Wow! A Tuesday Ten post. Yep, the last one made an appearance back in May. Ouch.
I know; I know. It’s been an unreasonable amount of time since I’ve posted anything with real substance, and to be honest, I doubt this one will qualify either. However, I wanted to update the Junksters on some things that have been going on lately. You’re not going to see George Steinbrenner or Afghanistan or BP (well maybe a touch of BP), but they are newsworthy in my world nonetheless. And since I was in press release mode for my day job recently, I decided some EJ headlines were in order. Much of this post could easily have been part of an Oh Happy Day! Gratitude Project report, but I’ve opted for Tuesday Ten since it’s Tuesday Wednesday, and I’m in the mood for lists.
So, without further ado, I give you this week’s Tuesday Ten: Top Headlines in Junkie Land. I’ll go ahead and say right away that I can’t call it “late-breaking” because, I’m, well, late. But, you know me by now and to apologize would be redundant.
1. “Tuesday is Wednesday”
At least in EyeJunkie world this week. Sure enough, I’m late and not late-breaking.
2. “EJ Discovers Guest-posting Rocks”
I was invited by my friend, Annie, over at SisterWisdom to write a guest post as part of her ReDefining Modern Homemaking series this June. I was ridiculously negligent in promoting the series or my guest post, but click on over there and read it. And read the whole series while you’re at it. It’s moms from all walks sharing about how they view homemaking. Good stuff.
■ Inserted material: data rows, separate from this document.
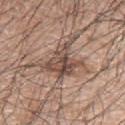biopsy status: imaged on a skin check; not biopsied
diameter: ≈4.5 mm
location: the left upper arm
patient: male, aged 68–72
image: ~15 mm crop, total-body skin-cancer survey
illumination: white-light illumination
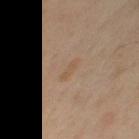Q: What is the imaging modality?
A: total-body-photography crop, ~15 mm field of view
Q: Where on the body is the lesion?
A: the front of the torso
Q: What are the patient's age and sex?
A: male, aged 63 to 67
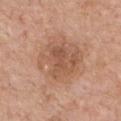The lesion was tiled from a total-body skin photograph and was not biopsied.
A roughly 15 mm field-of-view crop from a total-body skin photograph.
On the chest.
Captured under white-light illumination.
A male patient aged approximately 60.
Longest diameter approximately 6.5 mm.
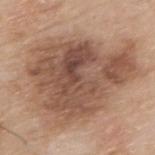A male subject, approximately 80 years of age.
On the arm.
The lesion-visualizer software estimated a normalized lesion–skin contrast near 9. It also reported a border-irregularity rating of about 4.5/10. The software also gave an automated nevus-likeness rating near 35 out of 100 and a lesion-detection confidence of about 100/100.
Imaged with white-light lighting.
Approximately 11.5 mm at its widest.
A region of skin cropped from a whole-body photographic capture, roughly 15 mm wide.
Histopathology of the biopsied lesion showed a melanoma in situ — a skin cancer.
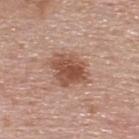Q: How large is the lesion?
A: ~5 mm (longest diameter)
Q: What kind of image is this?
A: ~15 mm crop, total-body skin-cancer survey
Q: Who is the patient?
A: male, aged 53–57
Q: Lesion location?
A: the upper back
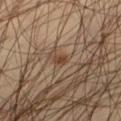Notes:
• notes — total-body-photography surveillance lesion; no biopsy
• diameter — ≈2 mm
• patient — male, aged 43–47
• lighting — cross-polarized
• image — total-body-photography crop, ~15 mm field of view
• location — the left thigh
• image-analysis metrics — an average lesion color of about L≈41 a*≈18 b*≈29 (CIELAB) and a lesion-to-skin contrast of about 7.5 (normalized; higher = more distinct)

3. “Baby Girl Becomes Verbose”
Yes, my planned Tuesday Ten of Baby Girl’s burgeoning spoken vocabulary will need to be bumped up to a Thursday Thirty soon. How has this happened in my brief neglect of EJ? The news of note here is that “cheese” and “sickle” read “popsicle” have been added to the list. That’s my girl! And, you’ll be comforted to know that “No, Mama!” is still a perpetual favorite phrase. The more things change, the more they stay the same.
4. “Gulf Waters Matter”
You may have seen my recent posting of a dialogue about the Gulf oil catastrophe. I submitted the essay to my friend Ann’s Blogger Monday with Ann Evanston weekly roundtable of blogs on Facebook. I was amazed to see the interest of folks outside of the Gulf region in this earth-changing event. So, click over to that article and scroll down to the comments. They are worth the read.
5. “The Queen is Relinquishing Her Throne”
No, not the Queen of England or the Queen of all Media. The Queen of Dux D’Lux, my day job home for 16 years, decided in late May to retire. She opted to close the company, and I’m very excited to see what cool creative endeavors she finds next. Needless to say, her abdication means big changes for my work situation, but I am so grateful for her mentorship and friendship over the years. Plus, she’s promised me a pie.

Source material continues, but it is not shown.